Police have used fingerprints to identify people for over a century. Now, they have a new tool.

Technology enables them to identify faces to help tell who's on the right side of the law.

But as this innovation gains popularity within law enforcement, it's also drawing criticism from those who say it puts people's privacy at risk.

Currently, to verify someone's identity, officers have to type a name into a computer to see if it comes up with a match in various databases. Now, as CBS News Correspondent Elaine Quijano reported, there's mobile technology enabling police to perform that same check in an instant.

Sean Mullin, president of BI2 Technologies, which helps makes the face recognition tech, explained, "We've combined the capabilities and strength of a smartphone device with three biometrics -- fingerprint, iris recognition, and facial recognition."

The new devices cost $3,000 each and attach to the backs of smart phones.

Mullin explained that users take a photo, then use the technology to match it against an existing database over a wireless connection. The device will bring back the face of anyone it thinks the person is -- and two additional likely candidates.

With the device, police will instantly be able to check to see whether the face is that of someone with a criminal record.

Mullin, whose company developed the technology, says there are protections in place to ensure it can't be misused.

Quijano asked, "How foolproof is this technology?"

Mullin replied, "None of the data stays on the device. It can only be used by authorized individuals who are pre-authenticated on the network and on the device."

But some argue that scanning faces is a no different than a search requiring a warrant. There are also fears that this unregulated technology puts the privacy of law-abiding citizens at risk.

John Reinstein, legal director of the ACLU of Massachusetts, told CBS News, "The fact that they're agreeing voluntarily not to retain information doesn't keep them from deciding at some point in the future that they will."

The device has already been tested in Plymouth County, Mass. Sheriff Joseph McDonald plans to outfit a handful of his deputies this fall.

McDonald said, "It's going to allow that officer on the street to get virtually instantaneous access to that database, to retrieve that information very, very quickly."

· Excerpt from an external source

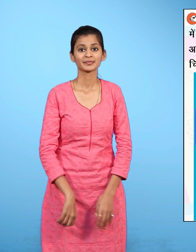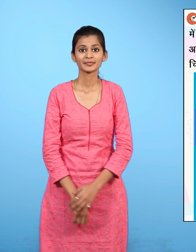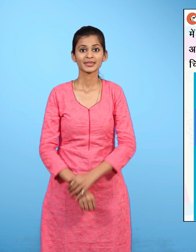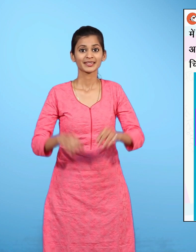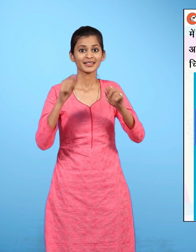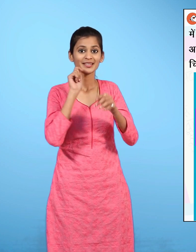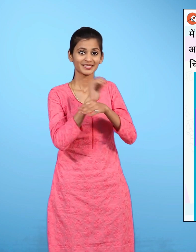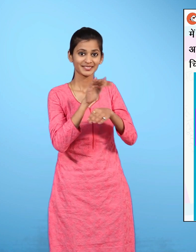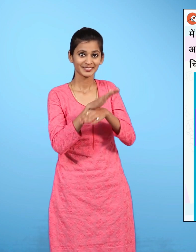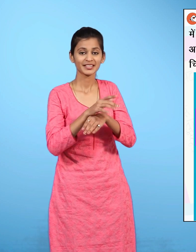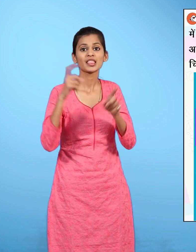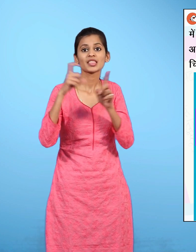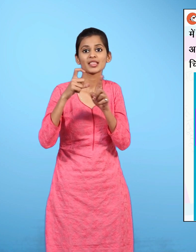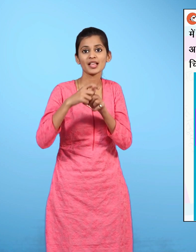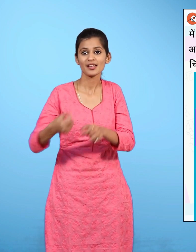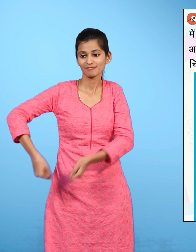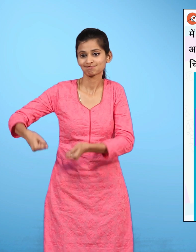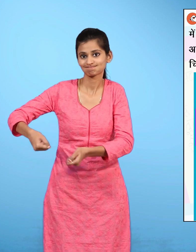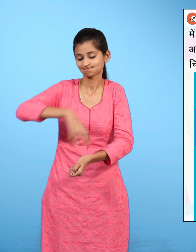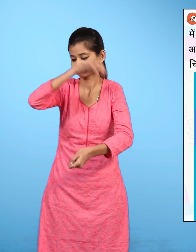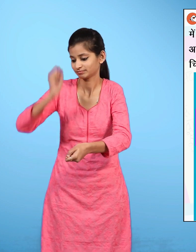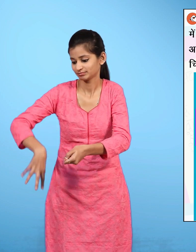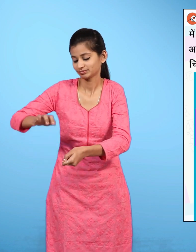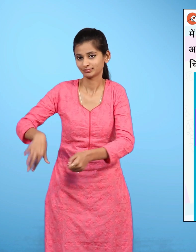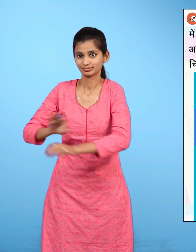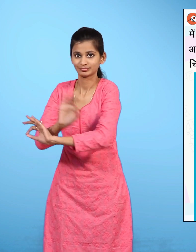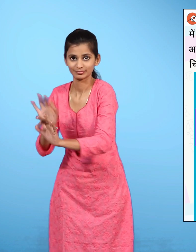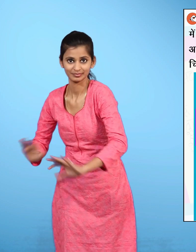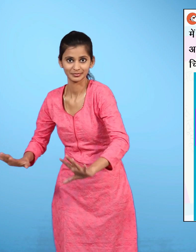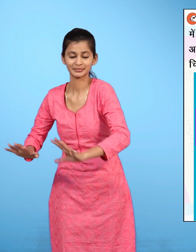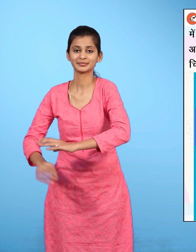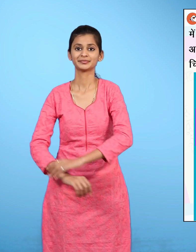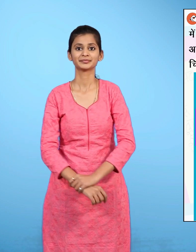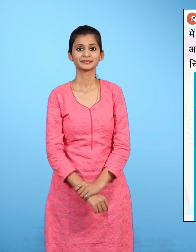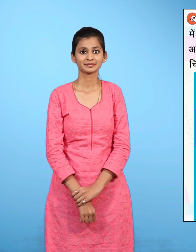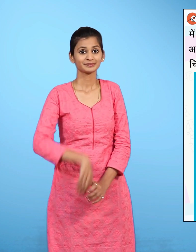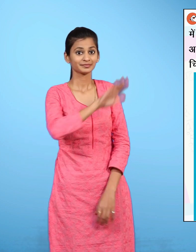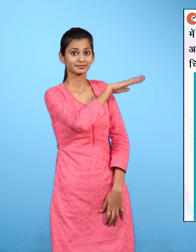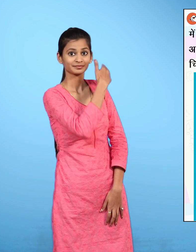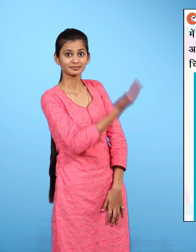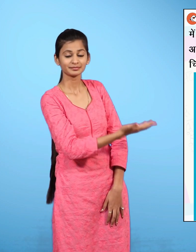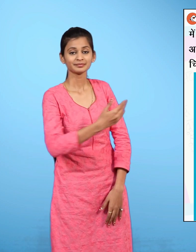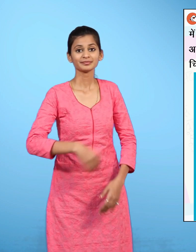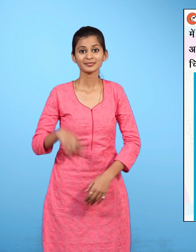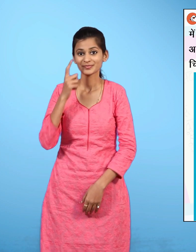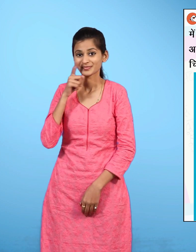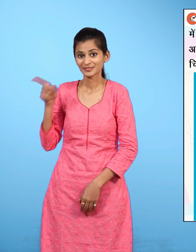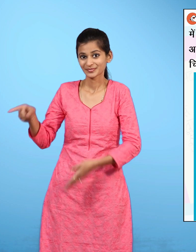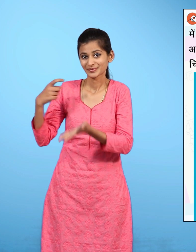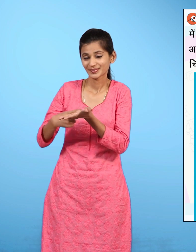चिठी को दिल्ली वाले थैले में रखा गया है चौथा चित्र है, रीना

McDonald says he also understands the concerns the device raises over civil liberties and privacy. His guidance to his deputies is to not use facial recognition unless they suspect some sort of criminal activity has occurred.

He explained, "There has to be some sort of contact, some sort of reasonable circumstance under which the officer would employ that technology."

Quijano added on "The Early Show" that the company, BI2, has orders from about 40 law enforcement agencies to deliver around 1,000 devices. This same kind of portable technology has been used in the past by the military to identify people, including possible terrorists in Iraq and Afghanistan.